Gli studi di ricerca si sono concentrati principalmente sui cambiamenti fisiologici a breve termine e sugli esiti immediati entro il primo ciclo di trattamento. I dati regolatori ufficiali indicano che gli effetti a lungo termine o la durabilità della risposta nei cicli riproduttivi successivi non sono completamente stabiliti.

D: Esistono condizioni mediche preesistenti che vietano l'uso di Ovugel?

Per il prodotto veterinario, l'etichettatura ufficiale stabilisce che l'uso è controindicato negli animali che presentano anomalie del tratto riproduttivo, infertilità o disturbi di salute generali che potrebbero compromettere il successo del trattamento.

D: I risultati della ricerca su Ovugel sono disponibili pubblicamente o riassunti in fonti ufficiali?

Sì. Gli organismi governativi ufficiali, come l'Agenzia Europea per i Medicinali (EMA) e altre autorità regolatorie pertinenti, pubblicano riassunti di divulgazione pubblica e rapporti di valutazione sugli studi clinici e sui dati che hanno supportato l'autorizzazione del prodotto.

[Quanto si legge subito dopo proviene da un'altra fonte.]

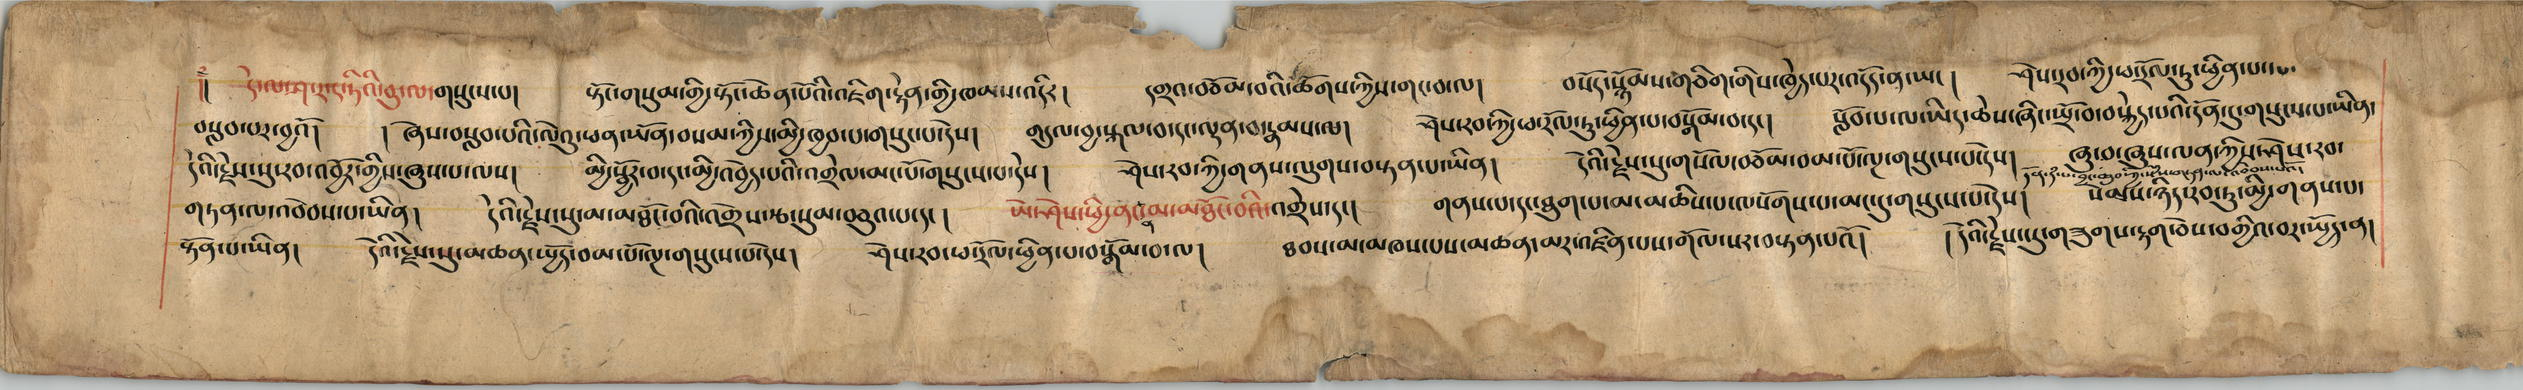།། དེ་ལ་ཤ་ར་ད་ཏིའི་བུ་ལ་གསུངས་པ། སྟོང་གསུམ་གྱི་སྟོང་ཆེན་པོའི་འཇིག་རྟེན་གྱི་ཁམས་འདིར། དགྲའ་བཅོམ་བའི་ཚོགས་ཀྱིས་གང་བ་ལ། བསོད་སྙོམས་གཅིག་གིས་ཁྱེད་པར་འདོད་ན་ཡང། ཤེས་རབ་ཀྱི་ཕ་རོལ་ཏུ་ཕྱིན་པ་ལ་
་བྱའོ། ། ཞེས་བསླབ་པའི་ལེའུ་ཕན་ཡོན་བསམ་ཀྱིས་མྱི་ཁྱབ་པ་གསུང་པདེས། གདུལ་བྱ་སྐལ་བ་དང་ལྡན་བ་རྣམས་ལ། ཤེས་རབ་ཀྱི་ཕ་རོལ་ཏུ་ཕྱིན་པ་བསྒོམ་པ་དང། སློབ་པ་ལ་ཡིད་ཆེས་ཞིང་སྤྲོ་བ་བསྐྱེད་པའི་དོན་དུ་གསུངས་པ་ཡིན་
དེའི་རྗེས་སུ་རབ་འབྱོར་གྱིས་ཞུས་པ་ལས། མྱི་སྦྱོར་བ་དང་མྱི་འབྱེདད་པའི་འགྲེལ་མང་པོ་གསུངས་པ་དེས། ཤེ་རབ་ཀྱི་གནས་ལུགས་བསྟན་པ་ཡིན། དེའི་རྗེས་སུ་གསོལ་བཅོམ་བམ་པོ་ལྔ་གསུངས་པ་དེས། ཞུ་བ་ཞུས་ལན་ཀྱིས་ཤེས་རབ་
གཏན་ལ་འབེབས་པ་ཡིན། དེའི་རྗེས་སུ་མ་མཐོང་བའི་འགྲོས་རྩ་སུམ་བཅུའ་པ་དངད ། ཡེ་ཤེས་ཕྱི་ནང་མ་མཐོང་བའི་འགྲེས་དང་། གནས་དང་ཐུག་པ་མ་མཆིས་པ་ལསོགས་པ་མང་དུ་གསངས་པ་དེས་། སེམས་ཉིད་རབ་རུ་མྱི་གནས་
སྟོན་པ་ཡིན། དེའི་རྗེས་སུ་མཆན་སྤྱོད་བམ་པོ་ལྔ་གསུངས་པ་དེས། ཤེས་རབ་ཕ་རོལ་ཕྱིན་པ་བསྒོམ་བ་ལ། ཐབས་མ་མཁས་པས་མཚན་མར་འཛིན་པས་གོལ་སར་བསྟན་པའོ། །དེའི་རྗེས་སུ་གཟུགས་རྟག་ཅེས་བགྱིའ་བར་ཡྱོད་ན།

D: Ovugel è concepito per essere utilizzato per un periodo di tempo prestabilito o per una gestione a lungo termine?

Il protocollo veterinario richiede l'uso del prodotto come applicazione singola. Inoltre, l'evidenza regolatoria è limitata al primo ciclo riproduttivo e la sicurezza del trattamento nei cicli successivi non è stata dimostrata.

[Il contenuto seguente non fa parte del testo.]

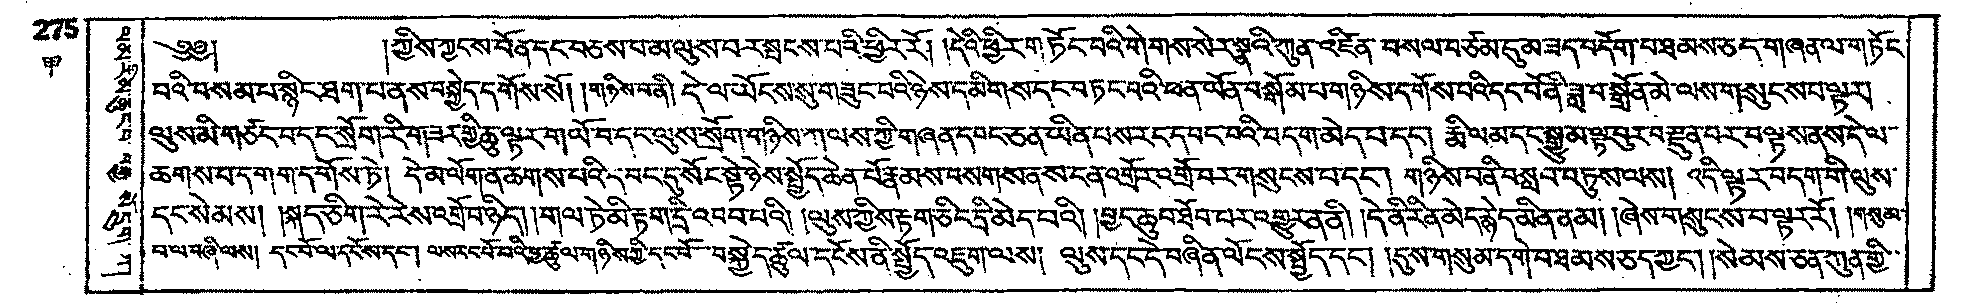༄༅། །ཀྱིས་ཀྱང་ས་བོན་དང་བཅས་པ་མ་ལུས་པར་སྤངས་པའི་ཕྱིར་རོ། །དེའི་ཕྱིར་གཏོང་བའི་གེགས་སེར་སྣའི་ཀུན་འཛིན་བསལ་བ་ཙམ་དུ་མ་ཟད་བདོག་པ་ཐམས་ཅད་གཞན་ལ་གཏོང་
བའི་བསམ་པ་སྙིང་ཐག་པ་ནས་བསྐྱེད་དགོས་སོ། །གཉིས་པ་ནི།  དེ་ལ་ཡོངས་སུ་གཟུང་བའི་ཉེས་དམིགས་དང་བཏང་བའི་ཕན་ཡོན་བསྒོམ་པ་གཉིས་དགོས་པའི་དང་པོ་ནི་ཟླ་བ་སྒྲོན་མེ་ལས་གསུངས་པ་ལྟར།
ལུས་མི་གཙང་བ་དང་སྲོག་རི་གཟར་གྱི་ཆུ་ལྟར་གཡོ་བ་དང་ལུས་སྲོག་གཉིས་ཀ་ལས་ཀྱི་གཞན་དབང་ཅན་ཡིན་པས་རང་དབང་བའི་བདག་མེད་པ་དང་། རྨི་ལམ་དང་སྒྱུ་མ་ལྟ་བུར་བརྫུན་པར་བལྟས་ནས་དེ་ལ་
ཆགས་པ་དགག་དགོས་ཏེ། དེ་མ་ལོག་ན་ཆགས་པའི་དབང་དུ་སོང་སྟེ་ཉེས་སྤྱོད་ཆེན་པོ་རྣམས་བསགས་ནས་ངན་འགྲོར་འགྲོ་བར་གསུངས་པ་དང་། གཉིས་པ་ནི་བསླབ་བཏུས་ལས། འདི་ལྟར་བདག་གི་ལུས་
དང་སེམས། །སྐད་ཅིག་རེ་རེས་འགྲོ་བ་ཉིད། །གལ་ཏེ་མི་རྟག་དྲི་འབབ་པའི། །ལུས་ཀྱིས་རྟག་ཅིང་དྲི་མེད་པའི། །བྱང་ཆུབ་ཐོབ་པར་འགྱུར་ན་ནི། །དེ་ནི་རིན་མེད་རྙེད་མིན་ནམ། །ཞེས་གསུངས་པ་ལྟར་རོ། །གསུམ་
བ་ལ་བཞི་ལས། དང་པོ་ལ་དངོས་དང་། ལས་དང་པོ་པའི་བྱ་ཚུལ་གཉིས་ཀྱི་དང་པོ་བསྐྱེད་ཚུལ་དངོས་ནི་སྤྱོད་འཇུག་ལས། ལུས་དང་དེ་བཞིན་ལོངས་སྤྱོད་དང་། །དུས་གསུམ་དགེ་བ་ཐམས་ཅད་ཀྱང་། །སེམས་ཅན་ཀུན་གྱི་

D: L'efficacia di Ovugel cambia se viene applicato in modo troppo sottile o troppo spesso?

Il farmaco veterinario è progettato per un'applicazione coerente. Viene erogato utilizzando un applicatore multi-dose specializzato che rilascia una dose fissa di 2 mL. Questo metodo mira a garantire la coerenza nel volume e nella tecnica di applicazione.

Come deve essere conservato e smaltito Ovugel?

Requisiti di Conservazione e Smaltimento per Ovugel

Ovugel (triptorelin acetate gel), in quanto medicinale veterinario, deve essere conservato in condizioni controllate per garantirne la stabilità.


Conservazione e Stabilità Obbligatorie

Il prodotto deve essere mantenuto a temperatura di frigorifero, nello specifico tra 2°C e 8°C (36°F e 46°F). L'esposizione a temperature più calde è limitata a brevi periodi, come durante la spedizione. La stabilità del flacone è circoscritta: la porzione non utilizzata deve essere scartata dopo 28 giorni dalla prima perforazione del tappo. Il tappo può essere perforato un massimo di tre volte entro questo periodo.

Manipolazione e Protezione

Prima della somministrazione, il gel deve essere lasciato riscaldare a temperatura ambiente per un minimo di 10 minuti e deve essere utilizzato entro un'ora dal riscaldamento. Il prodotto deve essere conservato Fuori dalla portata dei bambini.

Smaltimento

Le istruzioni regolatorie ufficiali vietano lo smaltimento di Ovugel non utilizzato o scaduto attraverso le acque reflue o i rifiuti domestici. Lo smaltimento deve avvenire utilizzando gli appositi programmi di ritiro stabiliti o i sistemi di raccolta nazionali per i medicinali veterinari.

Attenzione! Consultare sempre un medico o un farmacista prima di utilizzare pillole o medicinali.